Predictive Metabolomic Markers in Early to Mid-pregnancy for Gestational Diabetes Mellitus: A Prospective Test and Validation Study

Abstract

Gestational diabetes mellitus (GDM) predisposes pregnant individuals to perinatal complications and long-term diabetes and cardiovascular diseases. We developed and validated metabolomic markers for GDM in a prospective test-validation study. In a case-control sample within the PETALS cohort (GDM n = 91 and non-GDM n = 180; discovery set), a random PETALS subsample (GDM n = 42 and non-GDM n = 372; validation set 1), and a case-control sample within the GLOW trial (GDM n = 35 and non-GDM n = 70; validation set 2), fasting serum untargeted metabolomics were measured by gas chromatography/time-of-flight mass spectrometry. Multivariate enrichment analysis examined associations between metabolites and GDM. Ten-fold cross-validated LASSO regression identified predictive metabolomic markers at gestational weeks (GW) 10-13 and 16-19 for GDM. Purinone metabolites at GW 10-13 and 16-19 and amino acids, amino alcohols, hexoses, indoles, and pyrimidine metabolites at GW 16-19 were positively associated with GDM risk (false discovery rate <0.05). A 17-metabolite panel at GW 10-13 outperformed the model using conventional risk factors, including fasting glycemia (area under the curve: discovery 0.871 vs. 0.742, validation 1 0.869 vs. 0.731, and validation 2 0.972 vs. 0.742; P < 0.01).

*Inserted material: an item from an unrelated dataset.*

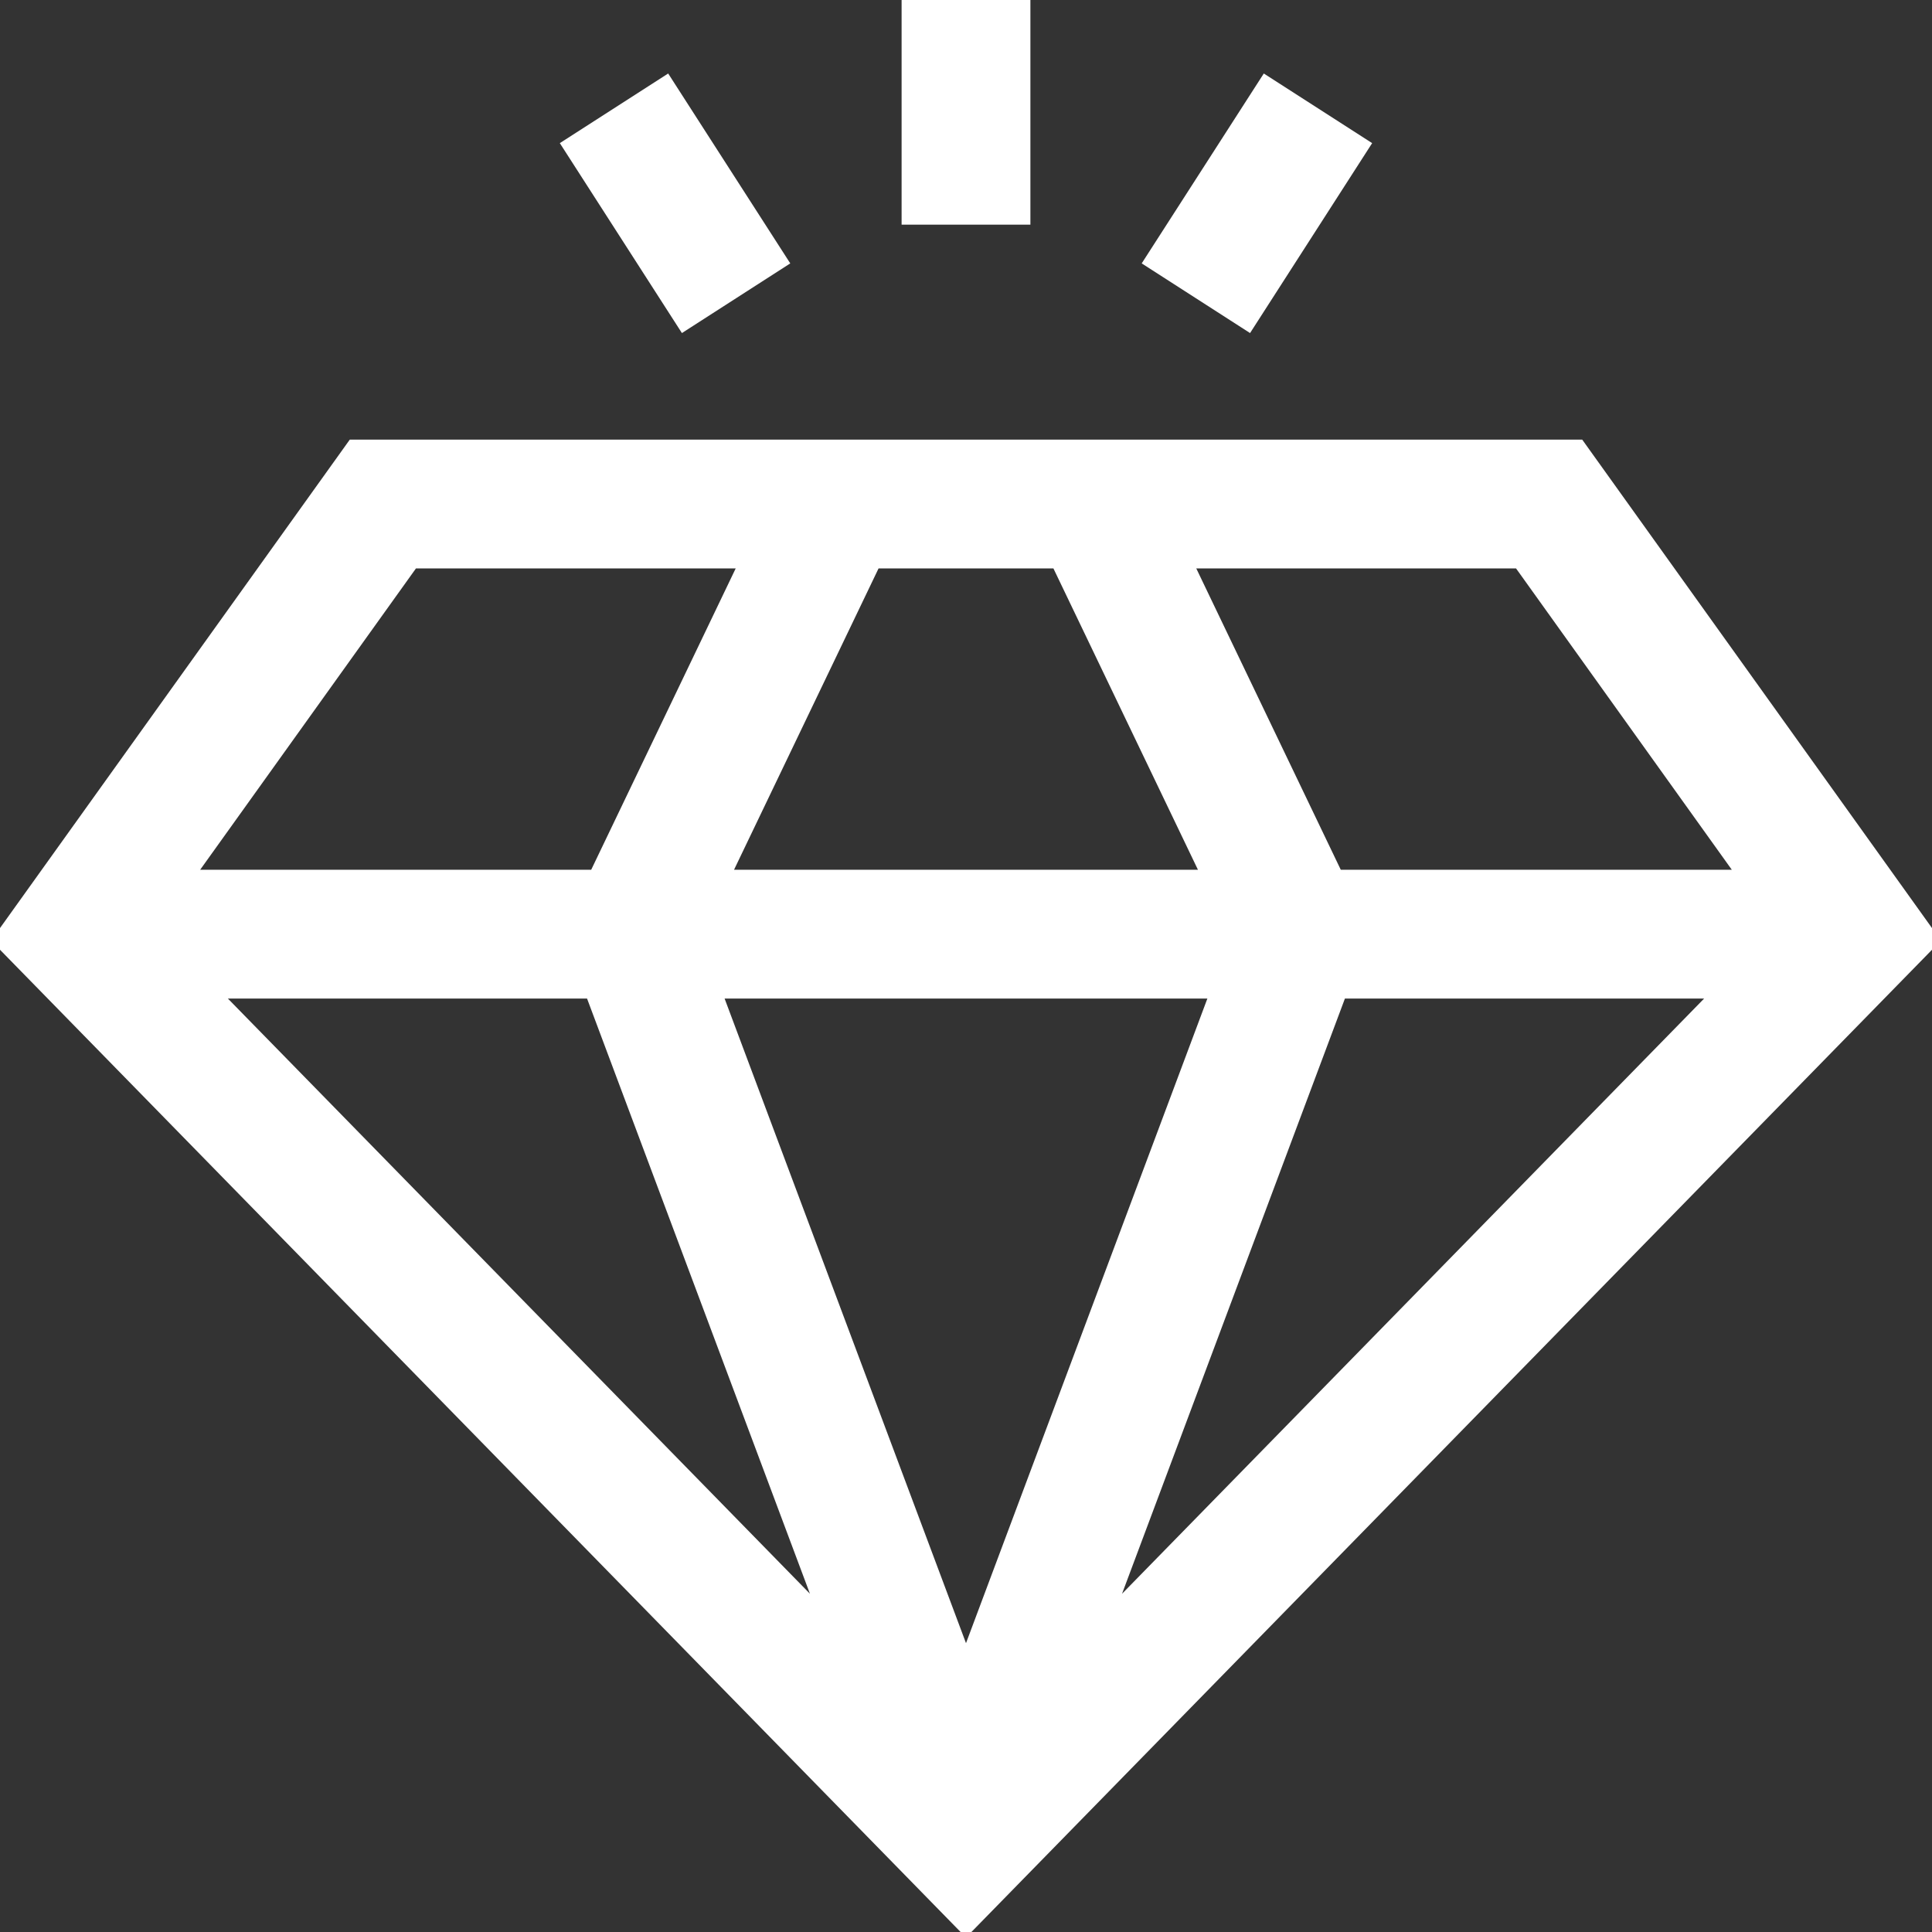 <?xml version="1.0" encoding="UTF-8"?> <svg xmlns="http://www.w3.org/2000/svg" width="72" height="72" viewBox="0 0 72 72" fill="none"><rect x="0" y="0" width="72" height="72" fill="#333333" stroke="none"/><g clip-path="url(#clip0_269_4780)"><path d="M33.6 8.372V-0.206H38.4V8.372H33.6Z" fill="white"></path><path fill-rule="evenodd" clip-rule="evenodd" d="M36 72.206L72.334 35.053L58.965 16.384H13.035L-0.334 35.053L36 72.206ZM30.184 59.394L8.493 37.214H21.878L30.184 59.394ZM63.507 37.214L41.815 59.395L50.121 37.214H63.507ZM64.54 32.414H49.967L44.582 21.184H56.499L64.54 32.414ZM44.644 32.414L39.258 21.184H32.741L27.355 32.414H44.644ZM36 61.236L44.995 37.214H27.004L36 61.236ZM27.417 21.184H15.501L7.459 32.414H22.032L27.417 21.184Z" fill="white"></path><path d="M20.863 5.334L25.413 12.412L29.451 9.816L24.901 2.739L20.863 5.334Z" fill="white"></path><path d="M42.548 9.816L47.098 2.739L51.136 5.334L46.586 12.412L42.548 9.816Z" fill="white"></path></g><defs><clipPath id="clip0_269_4780"><rect width="72" height="72" fill="white"></rect></clipPath></defs></svg>

Similar results were observed with a 13-metabolite panel at GW 17-19. Dysmetabolism is present early in pregnancy among individuals progressing to GDM. Multimetabolite panels in early pregnancy can predict GDM risk beyond conventional risk factors.

Figure 1

Study flowchart of the discovery set and validation set 1 (A) and validation set 2 (B). RCT, randomized controlled trial. *Case-control ratio of one to two, with two GDM cases; each had only one matched control with biospecimens available.

Figure 2

Volcano plots showing the associations of individual metabolites at GW 10–13 (A) and 16–19 (B) with risk of GDM in the PETALS nested case-control discovery set. Odds ratios (OR) were adjusted for maternal age at delivery, race/ethnicity, family history of diabetes, chronic hypertension, history of GDM, prepregnancy BMI, and gestational age at blood collection. Horizontal dashed line indicates the value of FDR-corrected level of significance.

Figure 3

Multivariate ChemRICH enrichment plots depicting the pathways and metabolite hits within each pathway at 10–13 (A) and 16–19 (B) weeks of gestation significantly associated with risk of GDM in the PETALS nested case-control discovery set. OR, odds ratio. *P value for pathway <0.05 after FDR adjustment. †Pathways significantly associated with risk of GDM at both gestational periods (P < 0.05).

Figure 4

Incremental prediction value of multimetabolite panels at GW 10–13 (A) and 16–19 (B) beyond conventional risk factors for GDM in the PETALS nested case-control discovery set. Receiver operating characteristic curves and AUC statistics were estimated by 10-fold cross-validation for GDM risk prediction using conventional risk factors (age at delivery, family history of diabetes, chronic hypertension, history of gestational diabetes, prepregnancy BMI, and fasting serum glucose values; model 1, red curves); a multimetabolite panel (model 2, green curves) selected by LASSO regression at 10–13 weeks (1,5-anhydroglucitol, 1-monoolein, 2,3-dihydroxybutanoic acid, 2-hydroxyglutaric acid, 5,6-dihydrouracil, alanine, α-aminoadipic acid, β-alanine, β-sitosterol, cellobiose, citramalic acid, citric acid, lactic acid, N-acetylputrescine, β-tocopherol, uric acid, and urea) (A) and 16–19 weeks of gestation (1,5-anhydroglucitol, 2,3-dihydroxybutanoic acid, 2-aminobutyric acid, α-aminoadipic acid, arachidic acid, aspartic acid, citric acid, hydrocinnamic acid, lauric acid, oleic acid, quinic acid, uracil, and uridine) (B); and the selected multimetabolite panel in addition to conventional risk factors (model 3, blue curves). P values for differences in AUC statistics between models were derived by DeLong test.